# 1. NB

### Produkt
Based on news headlines from a day, we want to develop a model that is able to predict whether the closing price will rise or fall.

Antagelse: Title udkom inden Closing, så Title påvirker dagens CP.

Step 1: Define sentiment in headlines
- Use a model from huggingface


###

In [2]:
#Library imports
import pandas as pd
from transformers import pipeline


In [80]:
#Importing and investigating the data
data = pd.read_csv('data.csv')
data.head(3)

Unnamed: 0,Title,Date,CP
0,"JPMorgan Predicts 2008 Will Be ""Nothing But Net""",2008-01-02,1447.16
1,Dow Tallies Biggest First-session-of-year Poin...,2008-01-02,1447.16
2,2008 predictions for the S&P 500,2008-01-02,1447.16


In [27]:
#Use finbert model, found on HuggingFace
classifier = pipeline("text-classification", model="ProsusAI/finbert")

results = []

last_price = data.iloc[0]['CP'] #This variable is used for calculating the price difference from day to day
previous_date = data.iloc[0]['Date']

for index, row in data.iterrows():
    """
    This for loop extracts the sentiment from the headlines
    
    Each headline is then awarded a sentiment score: Positive (+) for positive sentiment, 0 for neutral and Negative (-) for negative sentiment
    The score in this reflects how sure the model is. If there are more than one headline per day, the scores are aggregated to mean in a later step
    """
    if index < 2000:
        output = classifier(row['Title'])
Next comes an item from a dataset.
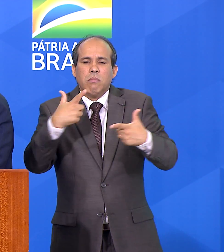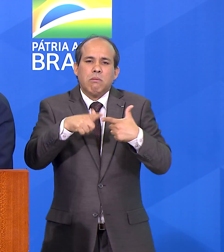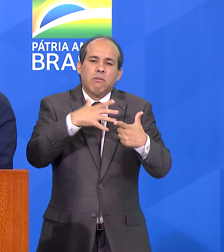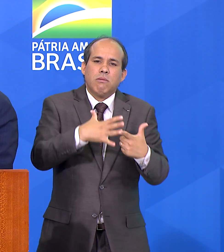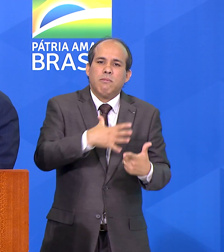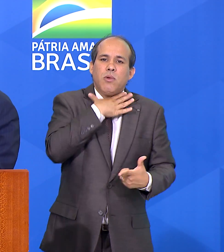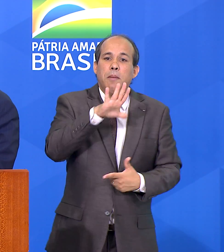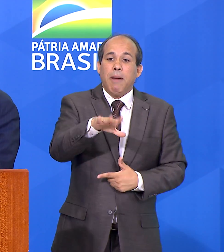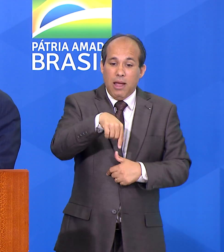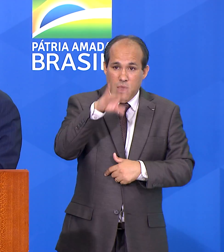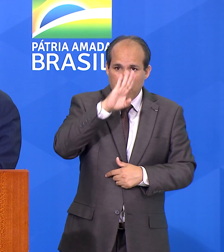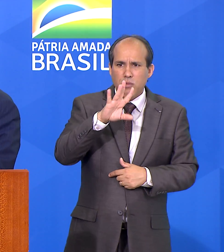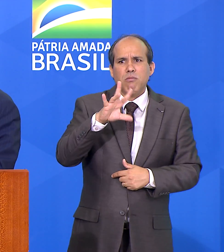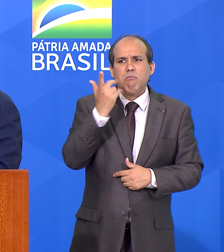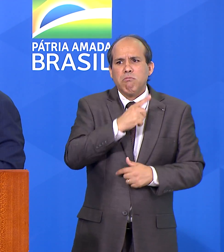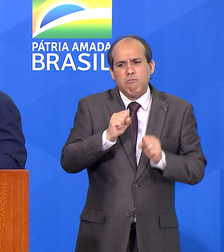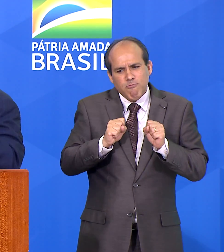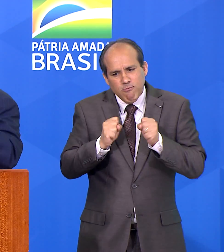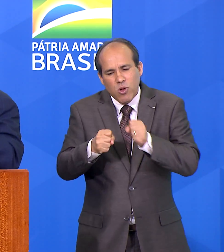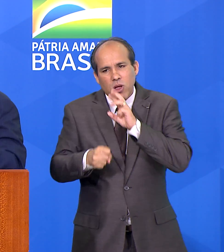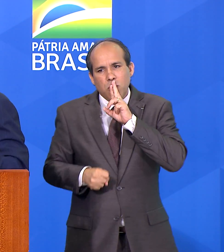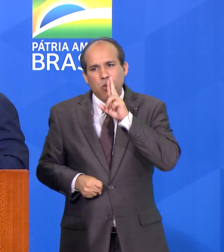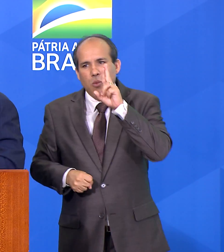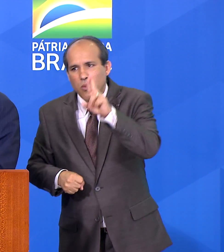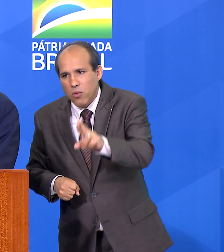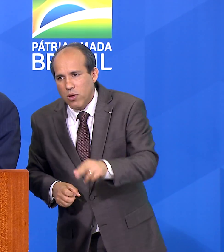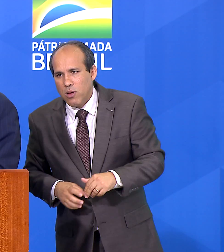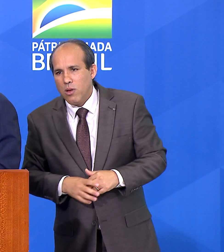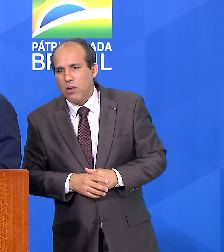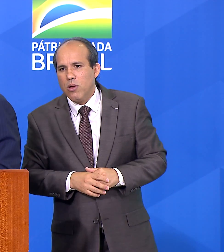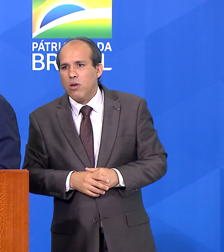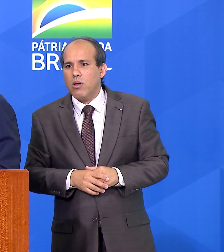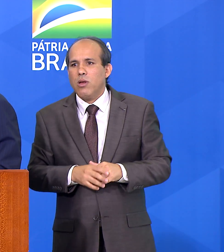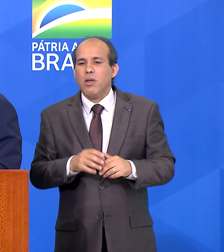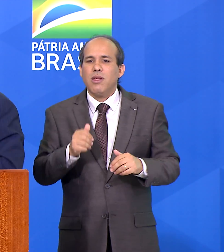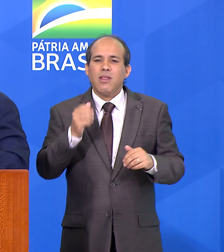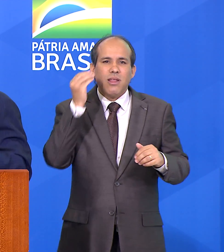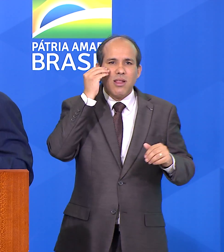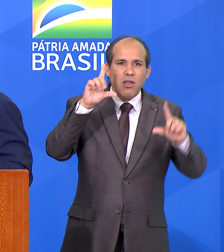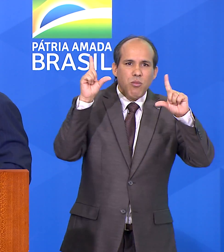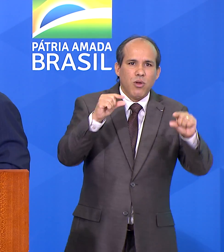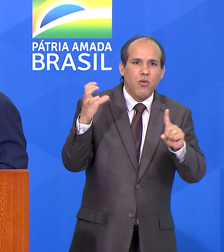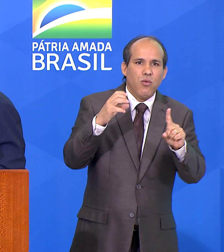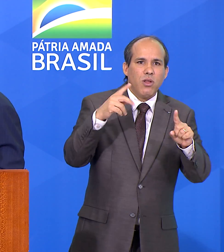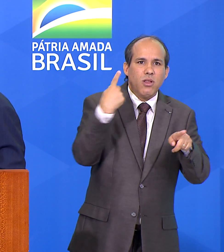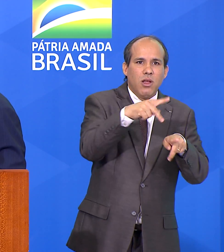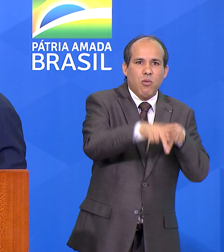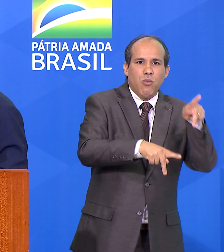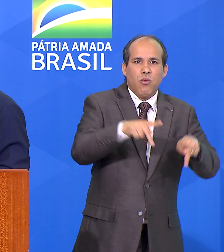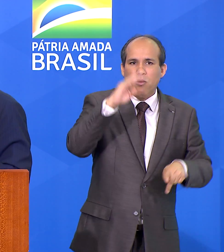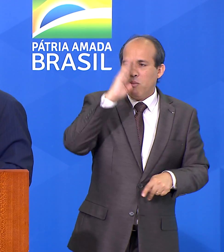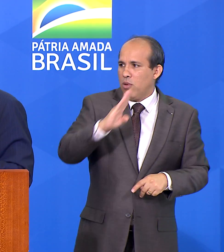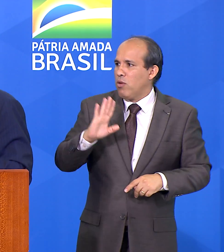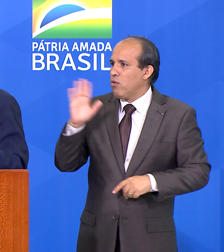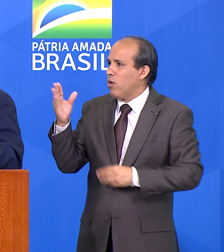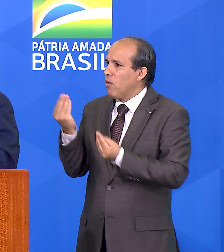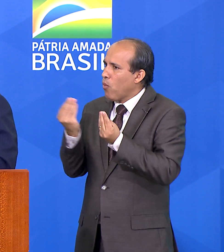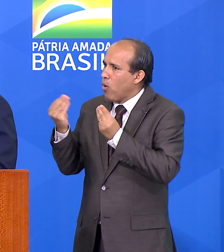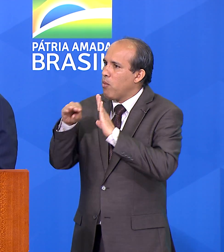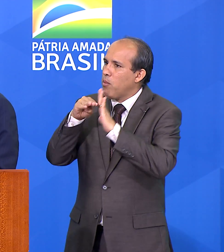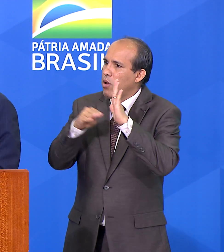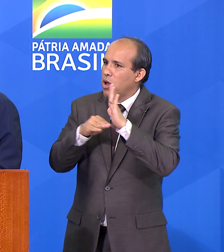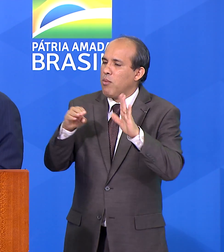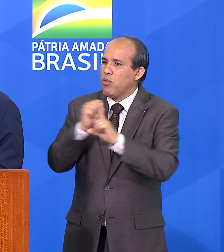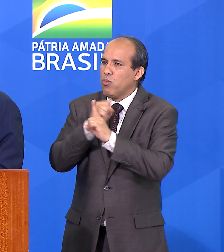nós já estamos reagindo. Nossa primeira reação é essa, amortecer o impacto sobre a população brasileira da forma que pudermos. Já temos os programas sociais, estão

        label = output[0]['label']
        score = output[0]['score']

        #Assign sentiment score (- if negative, + if positive)
        if label == 'negative':
            sentiment_score = -score
        elif label == 'neutral':
            sentiment_score = 0
        elif label == 'positive':
            sentiment_score = score      

        price_difference = row['CP'] - last_price

        price_difference_percentage = ((row['CP'] - last_price) / last_price) * 100

        results.append([row['Date'], sentiment_score, price_difference, price_difference_percentage])

        #If the next Date is different, change the last_price variable
        if row['Date'] != data.iloc[index +1]['Date']:
            last_price = row['CP']

df = pd.DataFrame(results, columns=["Date", "Score", "Total price difference", "Percentage price difference"])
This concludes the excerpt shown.